- **HOW TO COMPLETE THIS TASK**: Print each entry again exactly as written, and keep the pictures out.

───── RECORDS

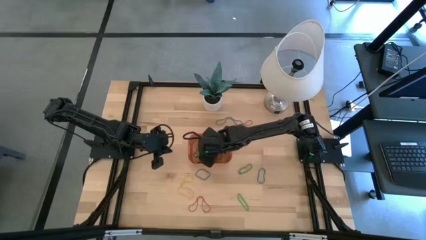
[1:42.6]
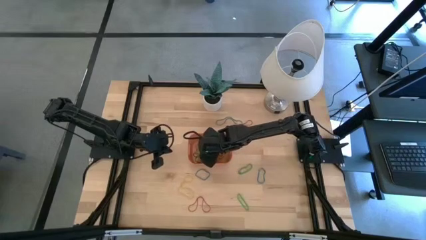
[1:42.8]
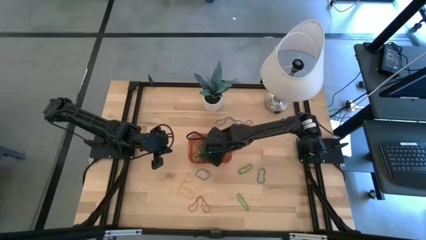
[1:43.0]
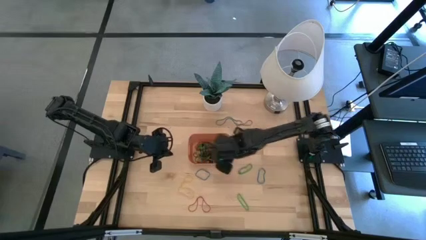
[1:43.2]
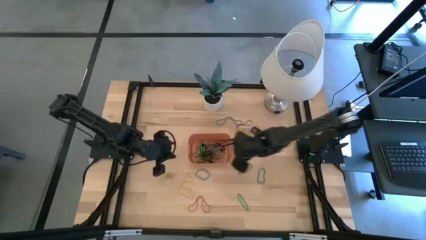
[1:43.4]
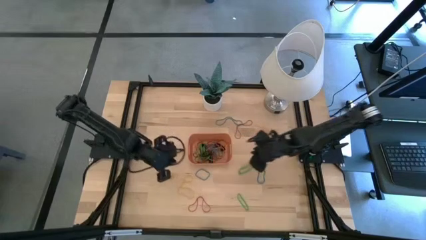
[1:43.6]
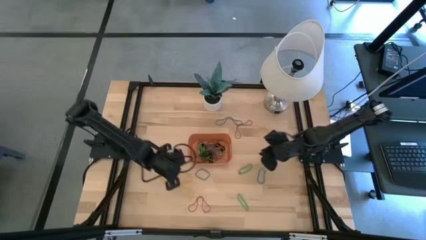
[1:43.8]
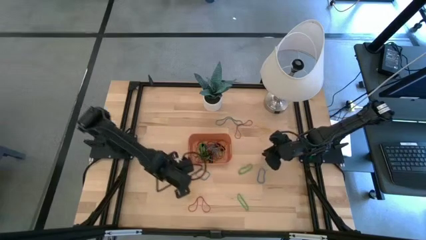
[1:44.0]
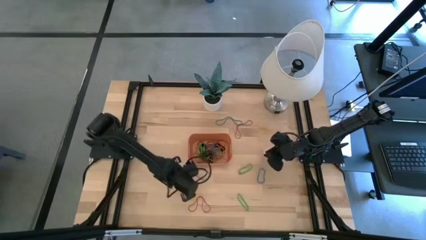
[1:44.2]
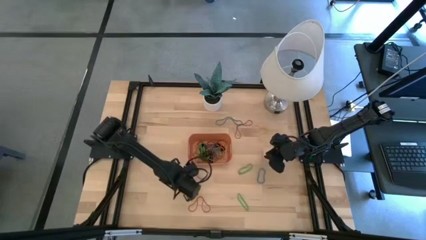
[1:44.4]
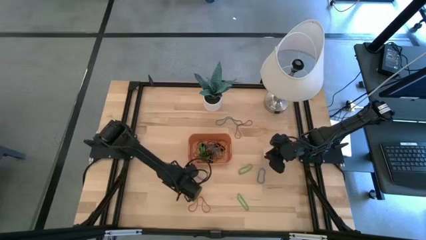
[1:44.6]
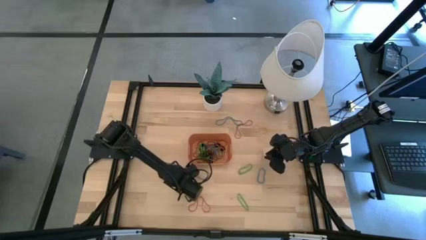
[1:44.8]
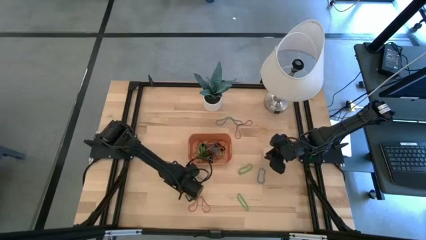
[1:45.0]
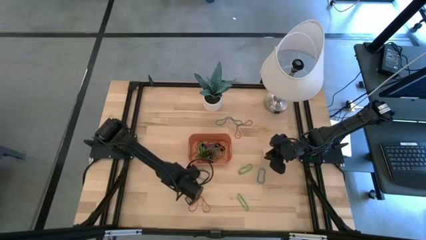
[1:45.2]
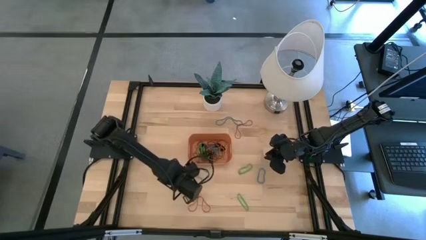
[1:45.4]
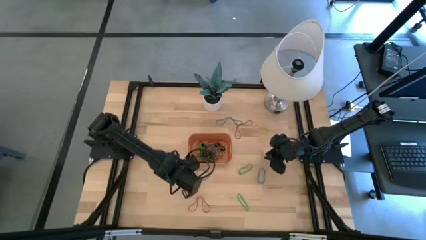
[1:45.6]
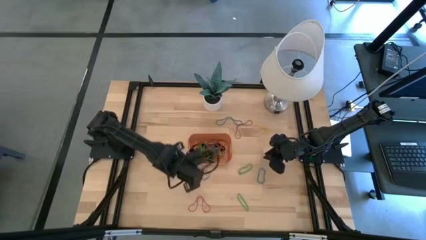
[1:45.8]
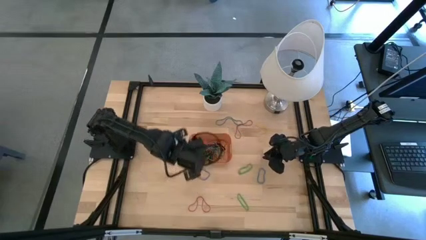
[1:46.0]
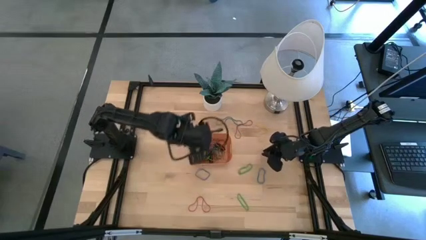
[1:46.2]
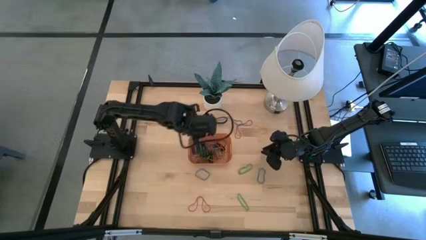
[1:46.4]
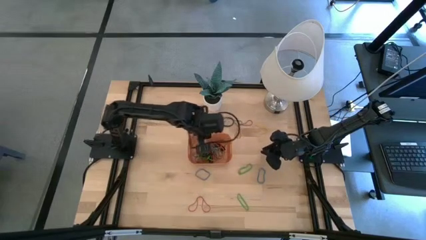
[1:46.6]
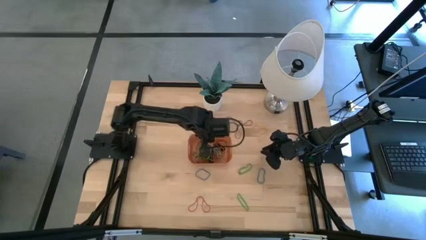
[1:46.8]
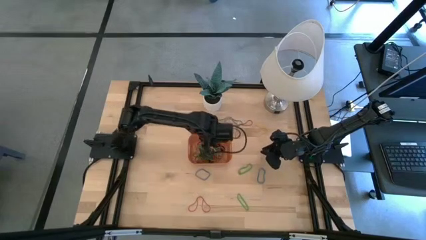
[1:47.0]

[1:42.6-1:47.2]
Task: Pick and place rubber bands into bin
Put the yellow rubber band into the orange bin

──────────

- **FINISHED TASK**:
[1:42.6]
[1:42.8]
[1:43.0]
[1:43.2]
[1:43.4]
[1:43.6]
[1:43.8]
[1:44.0]
[1:44.2]
[1:44.4]
[1:44.6]
[1:44.8]
[1:45.0]
[1:45.2]
[1:45.4]
[1:45.6]
[1:45.8]
[1:46.0]
[1:46.2]
[1:46.4]
[1:46.6]
[1:46.8]
[1:47.0]

[1:42.6-1:47.2]
Task: Pick and place rubber bands into bin
Put the yellow rubber band into the orange bin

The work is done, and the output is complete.